* _What the exercise asks_
Please restate the entries verbatim. The copy should hold no pictures.

======== Entries provided

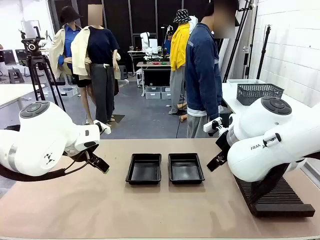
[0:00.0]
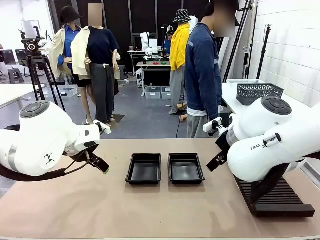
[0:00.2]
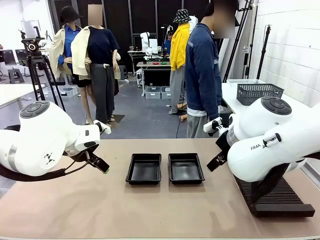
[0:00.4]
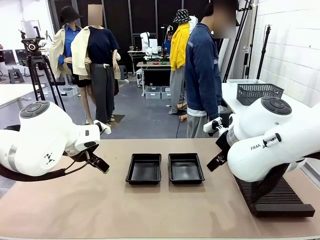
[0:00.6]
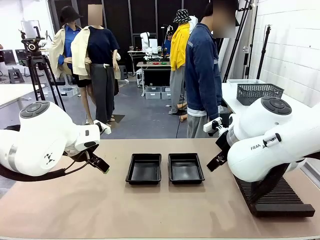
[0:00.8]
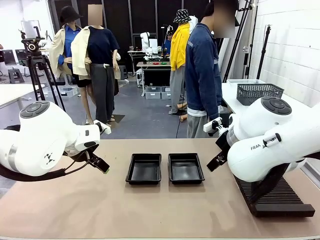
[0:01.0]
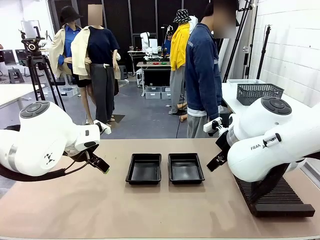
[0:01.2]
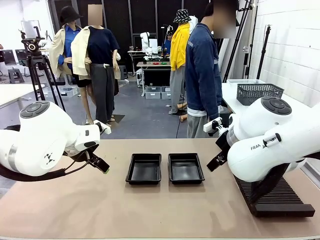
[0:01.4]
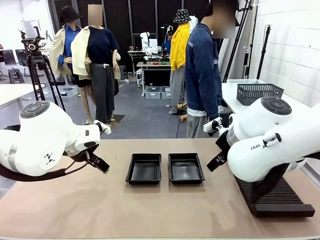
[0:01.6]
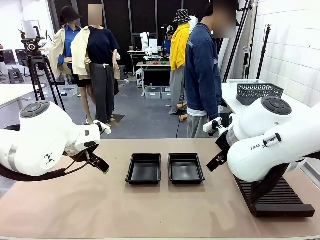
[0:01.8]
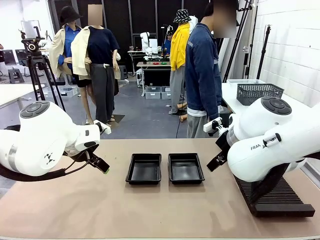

================

* _Response to this exercise_
[0:00.0]
[0:00.2]
[0:00.4]
[0:00.6]
[0:00.8]
[0:01.0]
[0:01.2]
[0:01.4]
[0:01.6]
[0:01.8]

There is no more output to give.